* [TASK REQUIREMENTS]:
Restate word for word the lines below that run from the one holding "Lines of text" through the one holding "The image shows 29", inclusive. Pictures don't belong in the copy.

* [MATERIAL FOR THIS TASK]:
━━━━━━━━━━━━━━━━

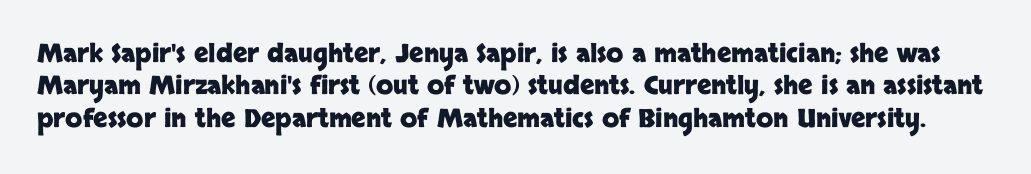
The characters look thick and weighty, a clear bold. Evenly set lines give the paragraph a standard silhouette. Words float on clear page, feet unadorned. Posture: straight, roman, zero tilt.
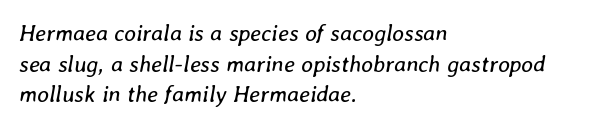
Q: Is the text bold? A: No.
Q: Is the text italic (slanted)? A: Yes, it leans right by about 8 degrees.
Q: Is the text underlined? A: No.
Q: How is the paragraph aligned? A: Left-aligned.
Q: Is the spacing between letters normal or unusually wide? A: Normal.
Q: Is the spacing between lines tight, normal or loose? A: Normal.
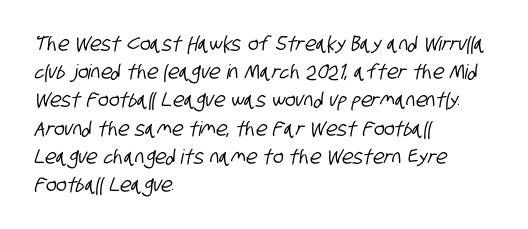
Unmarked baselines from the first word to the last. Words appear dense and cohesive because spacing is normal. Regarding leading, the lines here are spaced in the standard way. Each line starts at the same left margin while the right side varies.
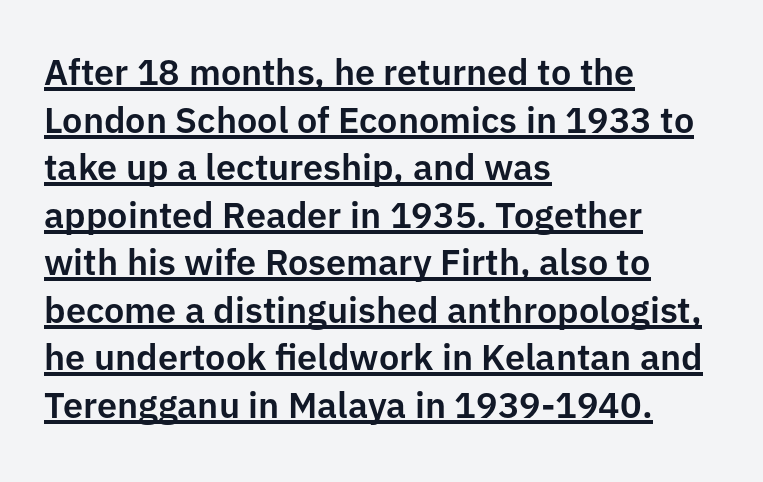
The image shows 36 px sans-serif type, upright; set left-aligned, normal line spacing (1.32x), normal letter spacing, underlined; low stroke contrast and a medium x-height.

━━━━━━━━━━━━━━━━

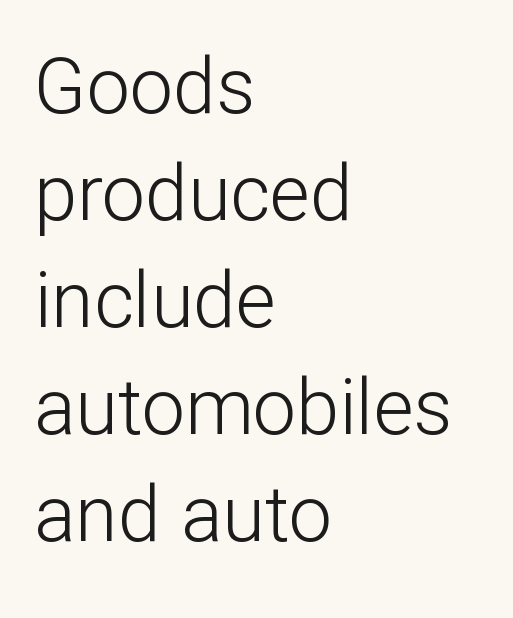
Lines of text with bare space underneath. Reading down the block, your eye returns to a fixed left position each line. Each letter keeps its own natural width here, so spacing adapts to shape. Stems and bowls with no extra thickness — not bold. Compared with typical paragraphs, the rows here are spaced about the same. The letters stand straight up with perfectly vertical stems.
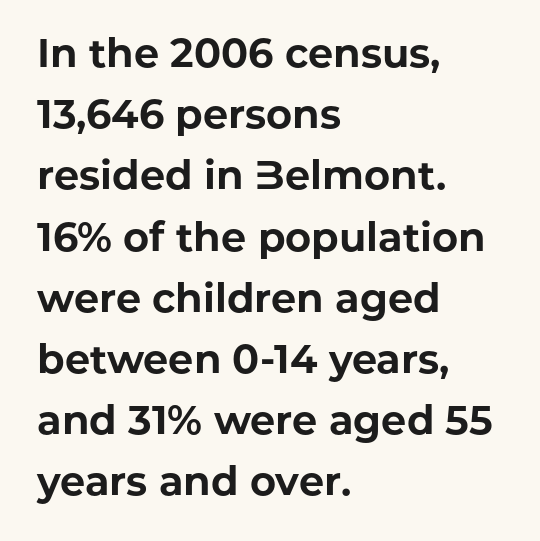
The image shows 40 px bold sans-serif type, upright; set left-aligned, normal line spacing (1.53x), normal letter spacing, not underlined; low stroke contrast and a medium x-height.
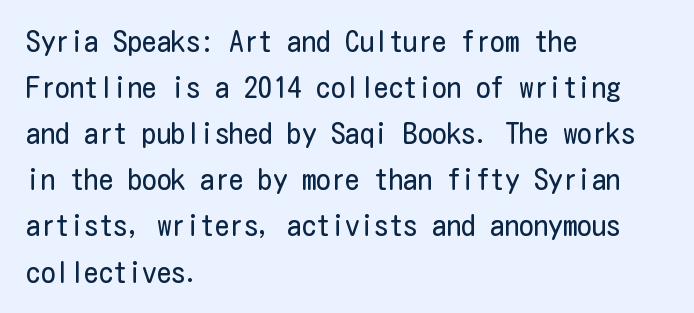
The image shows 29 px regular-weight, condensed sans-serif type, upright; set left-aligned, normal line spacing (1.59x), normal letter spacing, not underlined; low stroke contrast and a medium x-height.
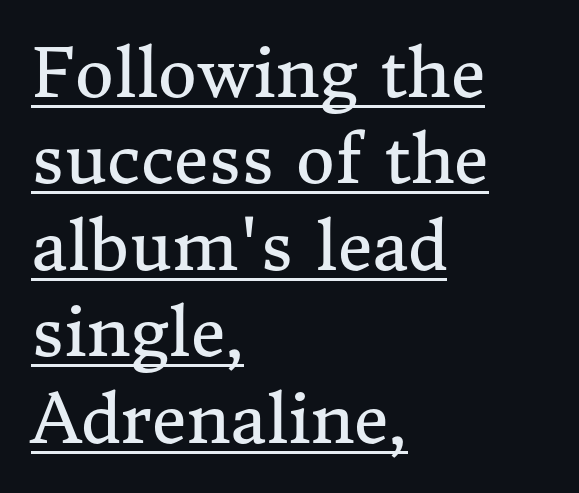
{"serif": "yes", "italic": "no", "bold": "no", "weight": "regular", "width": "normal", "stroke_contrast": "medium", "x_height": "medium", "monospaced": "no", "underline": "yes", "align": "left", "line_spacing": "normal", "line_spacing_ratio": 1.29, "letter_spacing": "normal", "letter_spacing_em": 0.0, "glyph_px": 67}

━━━━━━━━━━━━━━━━

* [ANSWER SPACE]:
Lines of text with bare space underneath. Reading down the block, your eye returns to a fixed left position each line. Each letter keeps its own natural width here, so spacing adapts to shape. Stems and bowls with no extra thickness — not bold. Compared with typical paragraphs, the rows here are spaced about the same. The letters stand straight up with perfectly vertical stems.
The image shows 40 px bold sans-serif type, upright; set left-aligned, normal line spacing (1.53x), normal letter spacing, not underlined; low stroke contrast and a medium x-height.
The image shows 29 px regular-weight, condensed sans-serif type, upright; set left-aligned, normal line spacing (1.59x), normal letter spacing, not underlined; low stroke contrast and a medium x-height.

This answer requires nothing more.